In an interesting fashion, the curator is a performance artist, whose media include the art itself, the physical environment of the showing, and (in the case of a particularly "cool" exhibition) the audience.


I'm currently planning (with a group of students) to mount an exhibit on The Black Sparrow Press, in the Special Collections Library at the University of Alberta. This is John Martin's Westcoast Alternative Press (the man who discovered, among others, Charles Bukowski). The university holds a fair bulk of the Black Sparrow Press Archive's early publications. One thing I've learned is that how one puts together the materials to be exhibited will certainly condition or license the viewers' immediate response. Different codes altogether are at work when a curator gets involved. But, to respond to your entry. I'm not sure whether the idea that "the famous dead artists don't challenge our intellect because their art is so well known" holds much weight. Contentious, to be sure, and at the very least provocative if not annoying. Where is the curator without the artist, I wonder? Isn't the curator a sort of archivist? And in order to have an archive you must have a collection of art, from artists who, most often than not, have been very dead for a very long time, no? Has it become *THAT* "sexy," "contemporary," and "post-modern" to consider artists of the past as objects of historical curiosity? Who's becoming more cacademic, I wonder.

2- Boris Anthony

First of all, best of luck in this endeavor! Sounds great!.

I think the key word was "FAMOUS dead artists", connotating "artists whose work(s) are widely 'known' and have entered the public consciousness", essentially becoming little more than clich√ąd pop-cultural soundbytes.

As for curators, the idea being thatthey act in much the same way as a DJs (and electronic/techno/turntablists/etc musicians do today: drawing from an archive of work and through their craft presenting the material in a way not presented necessarily before. If you read Mark's comments on his site, he speaks of conductors. Being in my 20's i speak of Djs. Same diff.

You yourself in your craft of writing draw upon the full resources of the western literary heritage. Are you not also just remixing the words of the past into a version crafted from your being? Aren't we all.

The more things change the more they stay the same.

But finally, the point here was the mediocrity factor. I have heard mediocre DJs, and I've heard pure genius.

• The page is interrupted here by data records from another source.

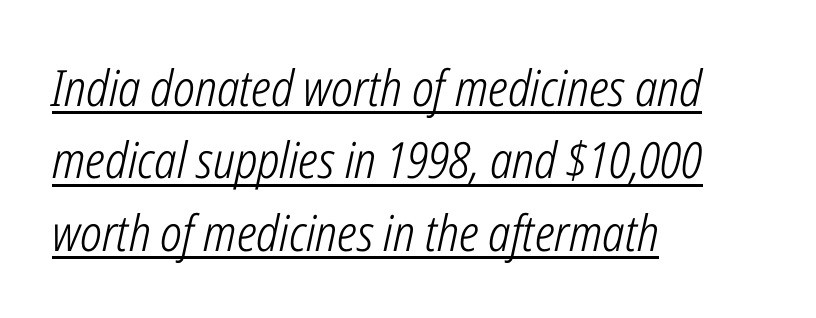
Q: Is the text bold? A: No.
Q: Is the text italic (slanted)? A: Yes, it leans right by about 12 degrees.
Q: Is the text underlined? A: Yes.
Q: How is the paragraph aligned? A: Left-aligned.
Q: Is the spacing between letters normal or unusually wide? A: Normal.
Q: Is the spacing between lines tight, normal or loose? A: Normal.
Q: Width (condensed, normal, or wide)? A: Condensed.
Q: Stroke contrast? A: Low.
Q: x-height? A: Medium.
Q: Monospaced? A: No.
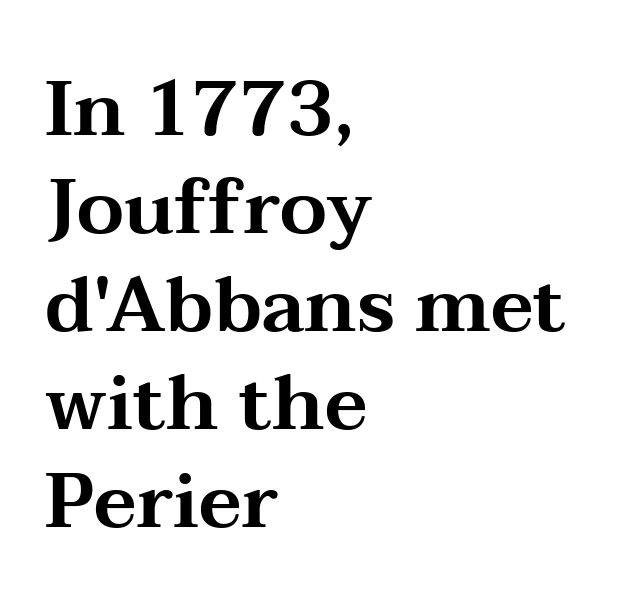
{"serif": "yes", "italic": "no", "width": "wide", "stroke_contrast": "medium", "x_height": "medium", "monospaced": "no", "underline": "no", "align": "left", "line_spacing": "normal", "line_spacing_ratio": 1.29, "letter_spacing": "normal", "letter_spacing_em": 0.0, "glyph_px": 76}

Thanks for clarifying, B. But it stands that we have a bone to pick with each other. Yes, I have--not unlike my peers and my friends inside and outside the academy--been brought up in the Western-Great-White-Dead-Man Tradition, but that's where it ends. We are not all robots, who regurgitate and speak tautologies. And not all of us have taken this so-called tradition as the hallmark of a particularly blessing education. Not all of us are fully weternized, B, despite what you may think in today's historiographical fiction that is modern nationalistic paranoia. And, of course, I apologize if I believe that figures like, say, Blake or Wordsworth, are still worth reading. And on that note...hm...I think you should explain yourself. What exactly do you mean by "Western"? I think you can open this up to discussion. ;)

4- Boris Anthony

Hehehe. N, first of all I attach no moral postion to my use of the label "Western". Furthermore, the aforementioned label is hardly appropriate anymore anyways, since it has lost it's geographic "marking" due to the fact that one is taught "Western" "culture" everywhere inthe world nowadays. (What constitues "western" and "culture" can of course be debated.)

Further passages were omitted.